| EXERCISE MATERIALS |
━━━━━━

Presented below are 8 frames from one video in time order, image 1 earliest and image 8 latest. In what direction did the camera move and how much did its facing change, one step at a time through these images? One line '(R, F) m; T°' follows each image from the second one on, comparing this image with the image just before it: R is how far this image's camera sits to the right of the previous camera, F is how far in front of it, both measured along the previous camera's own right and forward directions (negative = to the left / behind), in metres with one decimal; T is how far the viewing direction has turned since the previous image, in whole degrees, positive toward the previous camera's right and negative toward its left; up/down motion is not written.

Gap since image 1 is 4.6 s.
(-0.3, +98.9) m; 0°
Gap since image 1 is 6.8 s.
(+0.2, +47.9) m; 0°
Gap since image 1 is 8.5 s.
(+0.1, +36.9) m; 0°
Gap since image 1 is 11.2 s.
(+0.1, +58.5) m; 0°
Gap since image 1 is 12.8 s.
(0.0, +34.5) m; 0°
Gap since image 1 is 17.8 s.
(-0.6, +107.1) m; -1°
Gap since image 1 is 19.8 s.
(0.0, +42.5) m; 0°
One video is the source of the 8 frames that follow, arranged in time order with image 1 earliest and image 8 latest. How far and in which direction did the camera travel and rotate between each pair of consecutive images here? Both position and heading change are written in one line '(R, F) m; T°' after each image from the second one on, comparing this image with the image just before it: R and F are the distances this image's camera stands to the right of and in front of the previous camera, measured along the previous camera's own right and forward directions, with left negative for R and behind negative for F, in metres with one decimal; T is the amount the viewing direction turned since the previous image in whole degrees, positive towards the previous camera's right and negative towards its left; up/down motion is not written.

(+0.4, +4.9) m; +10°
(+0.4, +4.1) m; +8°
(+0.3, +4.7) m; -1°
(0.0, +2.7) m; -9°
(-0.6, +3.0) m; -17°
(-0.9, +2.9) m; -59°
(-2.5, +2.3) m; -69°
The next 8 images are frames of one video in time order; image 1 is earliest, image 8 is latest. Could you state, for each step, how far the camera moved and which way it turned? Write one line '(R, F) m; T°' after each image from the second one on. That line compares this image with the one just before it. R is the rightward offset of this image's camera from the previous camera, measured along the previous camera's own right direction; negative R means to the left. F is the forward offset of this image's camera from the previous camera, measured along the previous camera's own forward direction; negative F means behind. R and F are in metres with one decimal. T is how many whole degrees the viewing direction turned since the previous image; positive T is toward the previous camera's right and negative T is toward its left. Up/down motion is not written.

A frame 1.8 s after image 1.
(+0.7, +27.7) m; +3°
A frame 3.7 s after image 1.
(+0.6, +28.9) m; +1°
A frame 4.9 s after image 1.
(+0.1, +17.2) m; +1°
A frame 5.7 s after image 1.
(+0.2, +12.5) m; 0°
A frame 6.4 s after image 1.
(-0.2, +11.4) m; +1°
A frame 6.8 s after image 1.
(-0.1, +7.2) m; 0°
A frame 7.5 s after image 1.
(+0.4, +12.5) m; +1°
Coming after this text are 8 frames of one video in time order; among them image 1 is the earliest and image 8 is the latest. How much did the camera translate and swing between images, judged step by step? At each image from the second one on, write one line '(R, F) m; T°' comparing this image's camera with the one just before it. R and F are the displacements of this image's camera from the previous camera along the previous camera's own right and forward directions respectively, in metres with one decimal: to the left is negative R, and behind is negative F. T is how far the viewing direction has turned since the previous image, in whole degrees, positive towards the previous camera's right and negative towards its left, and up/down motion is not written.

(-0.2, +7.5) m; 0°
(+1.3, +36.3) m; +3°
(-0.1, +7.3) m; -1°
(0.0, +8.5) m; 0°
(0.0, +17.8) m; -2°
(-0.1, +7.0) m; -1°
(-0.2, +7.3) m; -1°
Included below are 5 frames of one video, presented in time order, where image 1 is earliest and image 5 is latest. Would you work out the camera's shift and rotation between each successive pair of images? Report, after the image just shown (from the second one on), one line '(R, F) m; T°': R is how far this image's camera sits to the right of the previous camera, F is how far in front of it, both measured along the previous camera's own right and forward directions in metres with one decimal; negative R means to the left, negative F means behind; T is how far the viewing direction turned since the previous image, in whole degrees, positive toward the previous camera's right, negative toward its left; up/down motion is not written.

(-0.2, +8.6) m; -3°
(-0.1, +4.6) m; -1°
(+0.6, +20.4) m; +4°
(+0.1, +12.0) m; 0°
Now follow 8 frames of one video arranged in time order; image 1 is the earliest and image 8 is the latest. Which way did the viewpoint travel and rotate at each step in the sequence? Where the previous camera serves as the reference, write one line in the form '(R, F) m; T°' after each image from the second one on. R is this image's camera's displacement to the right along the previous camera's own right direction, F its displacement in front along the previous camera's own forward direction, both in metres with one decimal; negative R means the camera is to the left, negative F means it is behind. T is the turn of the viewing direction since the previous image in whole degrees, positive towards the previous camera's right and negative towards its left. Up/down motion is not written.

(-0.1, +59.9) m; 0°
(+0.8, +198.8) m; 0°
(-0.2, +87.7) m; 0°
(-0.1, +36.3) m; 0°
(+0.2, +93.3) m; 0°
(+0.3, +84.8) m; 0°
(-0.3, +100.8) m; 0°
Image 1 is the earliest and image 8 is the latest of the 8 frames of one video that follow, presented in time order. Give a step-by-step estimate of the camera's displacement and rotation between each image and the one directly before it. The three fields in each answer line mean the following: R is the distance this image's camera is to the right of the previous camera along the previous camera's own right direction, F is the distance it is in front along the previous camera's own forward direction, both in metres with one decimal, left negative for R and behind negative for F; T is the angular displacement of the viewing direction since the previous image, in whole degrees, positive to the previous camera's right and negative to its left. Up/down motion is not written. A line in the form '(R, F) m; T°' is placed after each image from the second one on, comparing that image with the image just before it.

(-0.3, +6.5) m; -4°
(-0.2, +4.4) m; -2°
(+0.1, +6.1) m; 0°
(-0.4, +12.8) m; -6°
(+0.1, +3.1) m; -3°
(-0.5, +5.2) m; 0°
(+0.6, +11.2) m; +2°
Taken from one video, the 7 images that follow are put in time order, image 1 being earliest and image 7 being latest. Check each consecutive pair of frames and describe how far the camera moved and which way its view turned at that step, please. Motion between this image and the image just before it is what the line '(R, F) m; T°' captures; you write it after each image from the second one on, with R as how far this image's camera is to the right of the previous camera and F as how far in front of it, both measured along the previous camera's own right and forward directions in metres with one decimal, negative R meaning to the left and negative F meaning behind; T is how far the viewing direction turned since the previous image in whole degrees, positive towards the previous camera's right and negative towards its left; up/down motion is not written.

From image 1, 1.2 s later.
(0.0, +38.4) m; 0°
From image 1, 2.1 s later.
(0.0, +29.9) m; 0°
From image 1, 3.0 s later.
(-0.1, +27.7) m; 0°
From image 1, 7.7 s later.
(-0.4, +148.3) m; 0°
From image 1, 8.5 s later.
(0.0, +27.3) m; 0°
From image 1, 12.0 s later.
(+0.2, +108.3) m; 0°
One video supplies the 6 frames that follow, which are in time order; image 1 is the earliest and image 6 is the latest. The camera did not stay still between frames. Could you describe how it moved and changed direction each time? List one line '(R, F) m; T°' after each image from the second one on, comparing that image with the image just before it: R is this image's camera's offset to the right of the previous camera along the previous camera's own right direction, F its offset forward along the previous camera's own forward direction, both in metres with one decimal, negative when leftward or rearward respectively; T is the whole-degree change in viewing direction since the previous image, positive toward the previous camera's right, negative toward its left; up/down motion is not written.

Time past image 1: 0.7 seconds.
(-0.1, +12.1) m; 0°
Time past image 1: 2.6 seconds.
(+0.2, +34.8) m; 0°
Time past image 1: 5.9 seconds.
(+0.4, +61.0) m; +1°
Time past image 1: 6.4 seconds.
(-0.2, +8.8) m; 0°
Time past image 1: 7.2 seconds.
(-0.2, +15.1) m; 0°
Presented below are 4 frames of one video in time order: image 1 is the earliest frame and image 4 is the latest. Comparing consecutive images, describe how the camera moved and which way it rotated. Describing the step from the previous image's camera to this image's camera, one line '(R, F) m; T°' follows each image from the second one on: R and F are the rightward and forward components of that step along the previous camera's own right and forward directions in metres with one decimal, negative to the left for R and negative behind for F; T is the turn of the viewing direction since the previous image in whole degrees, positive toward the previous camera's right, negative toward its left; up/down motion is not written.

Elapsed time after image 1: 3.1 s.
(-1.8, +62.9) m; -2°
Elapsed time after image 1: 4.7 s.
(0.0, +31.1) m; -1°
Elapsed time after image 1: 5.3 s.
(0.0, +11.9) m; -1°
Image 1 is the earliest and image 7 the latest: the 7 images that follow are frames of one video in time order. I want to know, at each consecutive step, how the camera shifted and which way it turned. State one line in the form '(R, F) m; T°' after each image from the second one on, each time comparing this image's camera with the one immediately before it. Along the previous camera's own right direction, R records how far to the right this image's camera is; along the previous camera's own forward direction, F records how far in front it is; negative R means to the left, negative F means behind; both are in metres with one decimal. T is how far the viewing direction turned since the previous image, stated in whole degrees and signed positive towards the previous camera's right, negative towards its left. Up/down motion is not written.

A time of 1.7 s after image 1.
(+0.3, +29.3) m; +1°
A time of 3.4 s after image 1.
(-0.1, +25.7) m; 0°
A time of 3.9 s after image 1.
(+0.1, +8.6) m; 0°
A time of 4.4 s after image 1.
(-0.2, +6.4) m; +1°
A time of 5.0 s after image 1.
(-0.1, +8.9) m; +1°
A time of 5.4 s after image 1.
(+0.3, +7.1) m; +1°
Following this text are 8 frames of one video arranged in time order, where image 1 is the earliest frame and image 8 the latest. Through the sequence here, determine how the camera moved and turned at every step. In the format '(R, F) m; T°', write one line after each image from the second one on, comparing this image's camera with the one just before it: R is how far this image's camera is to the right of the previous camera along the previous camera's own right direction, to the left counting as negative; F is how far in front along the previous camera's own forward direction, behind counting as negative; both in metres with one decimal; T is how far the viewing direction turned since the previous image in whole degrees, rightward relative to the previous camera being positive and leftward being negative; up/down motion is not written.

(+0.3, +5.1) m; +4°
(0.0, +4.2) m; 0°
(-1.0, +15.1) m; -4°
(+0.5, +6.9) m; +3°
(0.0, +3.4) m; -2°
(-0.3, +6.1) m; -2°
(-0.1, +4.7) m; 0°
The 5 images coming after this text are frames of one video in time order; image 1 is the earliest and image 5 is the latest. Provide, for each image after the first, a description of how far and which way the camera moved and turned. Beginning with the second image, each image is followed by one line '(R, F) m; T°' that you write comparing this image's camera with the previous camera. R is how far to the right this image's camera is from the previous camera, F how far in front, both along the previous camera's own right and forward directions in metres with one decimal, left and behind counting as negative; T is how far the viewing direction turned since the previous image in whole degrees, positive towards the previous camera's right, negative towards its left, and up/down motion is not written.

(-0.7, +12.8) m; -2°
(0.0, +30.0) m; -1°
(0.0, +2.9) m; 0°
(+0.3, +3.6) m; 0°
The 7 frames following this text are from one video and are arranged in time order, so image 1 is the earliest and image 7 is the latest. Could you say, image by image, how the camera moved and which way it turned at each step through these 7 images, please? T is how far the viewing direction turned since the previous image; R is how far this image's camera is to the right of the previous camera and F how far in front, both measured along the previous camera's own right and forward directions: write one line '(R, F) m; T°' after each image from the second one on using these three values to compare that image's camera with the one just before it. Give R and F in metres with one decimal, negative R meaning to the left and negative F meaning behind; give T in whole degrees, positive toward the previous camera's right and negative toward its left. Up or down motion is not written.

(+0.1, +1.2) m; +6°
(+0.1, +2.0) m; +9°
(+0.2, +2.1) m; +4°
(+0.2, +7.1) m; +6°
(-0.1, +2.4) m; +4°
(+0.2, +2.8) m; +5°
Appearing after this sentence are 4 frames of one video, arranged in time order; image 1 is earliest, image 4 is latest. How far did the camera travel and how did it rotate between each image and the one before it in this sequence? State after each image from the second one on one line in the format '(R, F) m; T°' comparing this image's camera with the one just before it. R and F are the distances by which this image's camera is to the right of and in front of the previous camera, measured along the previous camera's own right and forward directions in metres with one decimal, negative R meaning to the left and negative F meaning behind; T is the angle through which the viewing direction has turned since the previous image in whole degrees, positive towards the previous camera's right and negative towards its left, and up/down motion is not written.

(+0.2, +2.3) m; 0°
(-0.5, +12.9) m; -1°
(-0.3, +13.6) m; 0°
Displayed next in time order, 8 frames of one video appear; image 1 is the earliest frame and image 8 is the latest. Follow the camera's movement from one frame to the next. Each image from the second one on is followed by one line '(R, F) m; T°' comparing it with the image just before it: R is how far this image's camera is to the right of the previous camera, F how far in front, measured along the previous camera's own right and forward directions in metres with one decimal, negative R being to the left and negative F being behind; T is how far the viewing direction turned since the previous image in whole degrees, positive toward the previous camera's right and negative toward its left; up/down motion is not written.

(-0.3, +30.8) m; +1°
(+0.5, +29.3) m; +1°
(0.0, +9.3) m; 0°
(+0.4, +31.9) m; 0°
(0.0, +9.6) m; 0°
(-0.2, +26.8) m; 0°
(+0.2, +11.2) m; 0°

━━━━━━

| WHAT YOU NEED TO DO |
Those lines of the records that contain the string "follows" should be identified and copied.

| EXERCISE SOLUTION |
Presented below are 8 frames from one video in time order, image 1 earliest and image 8 latest. In what direction did the camera move and how much did its facing change, one step at a time through these images? One line '(R, F) m; T°' follows each image from the second one on, comparing this image with the image just before it: R is how far this image's camera sits to the right of the previous camera, F is how far in front of it, both measured along the previous camera's own right and forward directions (negative = to the left / behind), in metres with one decimal; T is how far the viewing direction has turned since the previous image, in whole degrees, positive toward the previous camera's right and negative toward its left; up/down motion is not written.
Presented below are 4 frames of one video in time order: image 1 is the earliest frame and image 4 is the latest. Comparing consecutive images, describe how the camera moved and which way it rotated. Describing the step from the previous image's camera to this image's camera, one line '(R, F) m; T°' follows each image from the second one on: R and F are the rightward and forward components of that step along the previous camera's own right and forward directions in metres with one decimal, negative to the left for R and negative behind for F; T is the turn of the viewing direction since the previous image in whole degrees, positive toward the previous camera's right, negative toward its left; up/down motion is not written.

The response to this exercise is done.